考えなきゃいけないことは、まだまだたくさんありそうですお」
ブーンが、戦の展開をどこまで見据えているのか。
それさえ、自分には分からない。
しかし、構わないのだ、それで。
自分はただ、戦うだけでいい。
自ずと、結果はついてくるはずだ。
<ヽ`∀´>「ブーン大将、ジョルジュ中将、ここに居ましたニカ」
- 161 :第112話 ◆azwd/t2EpE :2009/05/04(月) 11:03:14.42 ID:Qic+ulwE0
- ( ^ω^)「ニダーさん」
( ゚∀゚)「ニダーか、どうかしたのか?」
現れたニダーのTが、ちょうど月と重なって見えた。
鎚の先に、鉄球が付属しているかのようだった。
<ヽ`∀´>「もう夜も遅いですニダ。話なら城でお願いしますニダ」
( ^ω^)「ご心配おかけしてすみませんお」
( ゚∀゚)「わざわざ探しに来てくれたのか。すまんな」
<ヽ`∀´>「ニダー。大層なことじゃないですニダ」
( ゚∀゚)「しかし、随分と久しぶりな気がするな。実際、一年ぶりくらいか?」
<ヽ`∀´>「ですニダ。お会いしたかったですニダ」
( ゚∀゚)「北東の戦は、頑張ってくれたらしいな。
最後の戦の前に顔を合わせることができて、何よりだ」
<ヽ`∀´>「ニダニダ。

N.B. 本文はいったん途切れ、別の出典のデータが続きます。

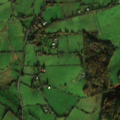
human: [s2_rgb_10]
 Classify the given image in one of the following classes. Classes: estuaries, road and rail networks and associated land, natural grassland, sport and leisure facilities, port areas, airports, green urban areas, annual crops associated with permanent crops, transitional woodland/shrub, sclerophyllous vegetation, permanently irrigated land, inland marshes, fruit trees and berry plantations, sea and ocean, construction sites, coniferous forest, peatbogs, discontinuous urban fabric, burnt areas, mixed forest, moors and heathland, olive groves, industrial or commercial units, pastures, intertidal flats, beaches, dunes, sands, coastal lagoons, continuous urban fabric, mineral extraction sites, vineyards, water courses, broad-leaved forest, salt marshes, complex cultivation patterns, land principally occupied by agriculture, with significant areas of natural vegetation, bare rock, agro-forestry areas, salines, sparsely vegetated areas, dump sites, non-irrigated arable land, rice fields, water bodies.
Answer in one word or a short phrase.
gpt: pastures, mixed forest

みんなが最後まで生き延びれたら最高ですニダ」
そのニダーの言葉に、頷くことは、やはりできない。
微妙な笑みを返すより他なかった。
- 165 :第112話 ◆azwd/t2EpE :2009/05/04(月) 11:06:16.44 ID:Qic+ulwE0
- ( ^ω^)「さぁ、戻りましょうお。戦が始まりますお」
( ゚∀゚)「あぁ」
戦が、始まる。
最後の戦が。
その緒戦は、ブーンとショボンの直接対決で、幕を開くのだ。